(MATERIAL FOR THIS TASK Opens)
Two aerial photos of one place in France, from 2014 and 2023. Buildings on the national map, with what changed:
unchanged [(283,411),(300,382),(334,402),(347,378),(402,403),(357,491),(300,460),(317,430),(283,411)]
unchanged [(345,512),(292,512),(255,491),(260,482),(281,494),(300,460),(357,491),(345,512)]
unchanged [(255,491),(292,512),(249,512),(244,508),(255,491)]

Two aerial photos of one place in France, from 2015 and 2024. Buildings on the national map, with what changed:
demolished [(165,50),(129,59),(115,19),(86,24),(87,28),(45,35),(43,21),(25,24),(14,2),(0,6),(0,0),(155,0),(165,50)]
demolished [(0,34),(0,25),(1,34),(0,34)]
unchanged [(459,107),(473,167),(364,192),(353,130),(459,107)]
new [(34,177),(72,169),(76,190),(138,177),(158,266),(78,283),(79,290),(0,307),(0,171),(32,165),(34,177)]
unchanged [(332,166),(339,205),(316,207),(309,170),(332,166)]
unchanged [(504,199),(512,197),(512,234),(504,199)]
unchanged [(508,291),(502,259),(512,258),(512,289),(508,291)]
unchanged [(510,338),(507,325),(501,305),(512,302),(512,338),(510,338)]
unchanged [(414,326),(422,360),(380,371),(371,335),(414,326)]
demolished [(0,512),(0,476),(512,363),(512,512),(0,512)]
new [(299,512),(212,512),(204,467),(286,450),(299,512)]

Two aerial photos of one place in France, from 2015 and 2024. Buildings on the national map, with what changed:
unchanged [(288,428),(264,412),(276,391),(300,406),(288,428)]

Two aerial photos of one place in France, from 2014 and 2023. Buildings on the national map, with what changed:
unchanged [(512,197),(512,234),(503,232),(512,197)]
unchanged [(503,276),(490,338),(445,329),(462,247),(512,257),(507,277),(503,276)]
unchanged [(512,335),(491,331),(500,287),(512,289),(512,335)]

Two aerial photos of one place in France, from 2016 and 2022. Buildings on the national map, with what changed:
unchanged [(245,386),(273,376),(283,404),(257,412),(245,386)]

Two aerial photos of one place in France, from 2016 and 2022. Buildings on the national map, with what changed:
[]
(MATERIAL FOR THIS TASK Closes)
▶ **WORK REQUEST**
Output the data exactly, so that every line matches the original.

▶ **SOLUTION TO THIS PROBLEM**
Two aerial photos of one place in France, from 2014 and 2023. Buildings on the national map, with what changed:
unchanged [(283,411),(300,382),(334,402),(347,378),(402,403),(357,491),(300,460),(317,430),(283,411)]
unchanged [(345,512),(292,512),(255,491),(260,482),(281,494),(300,460),(357,491),(345,512)]
unchanged [(255,491),(292,512),(249,512),(244,508),(255,491)]

Two aerial photos of one place in France, from 2015 and 2024. Buildings on the national map, with what changed:
demolished [(165,50),(129,59),(115,19),(86,24),(87,28),(45,35),(43,21),(25,24),(14,2),(0,6),(0,0),(155,0),(165,50)]
demolished [(0,34),(0,25),(1,34),(0,34)]
unchanged [(459,107),(473,167),(364,192),(353,130),(459,107)]
new [(34,177),(72,169),(76,190),(138,177),(158,266),(78,283),(79,290),(0,307),(0,171),(32,165),(34,177)]
unchanged [(332,166),(339,205),(316,207),(309,170),(332,166)]
unchanged [(504,199),(512,197),(512,234),(504,199)]
unchanged [(508,291),(502,259),(512,258),(512,289),(508,291)]
unchanged [(510,338),(507,325),(501,305),(512,302),(512,338),(510,338)]
unchanged [(414,326),(422,360),(380,371),(371,335),(414,326)]
demolished [(0,512),(0,476),(512,363),(512,512),(0,512)]
new [(299,512),(212,512),(204,467),(286,450),(299,512)]

Two aerial photos of one place in France, from 2015 and 2024. Buildings on the national map, with what changed:
unchanged [(288,428),(264,412),(276,391),(300,406),(288,428)]

Two aerial photos of one place in France, from 2014 and 2023. Buildings on the national map, with what changed:
unchanged [(512,197),(512,234),(503,232),(512,197)]
unchanged [(503,276),(490,338),(445,329),(462,247),(512,257),(507,277),(503,276)]
unchanged [(512,335),(491,331),(500,287),(512,289),(512,335)]

Two aerial photos of one place in France, from 2016 and 2022. Buildings on the national map, with what changed:
unchanged [(245,386),(273,376),(283,404),(257,412),(245,386)]

Two aerial photos of one place in France, from 2016 and 2022. Buildings on the national map, with what changed:
[]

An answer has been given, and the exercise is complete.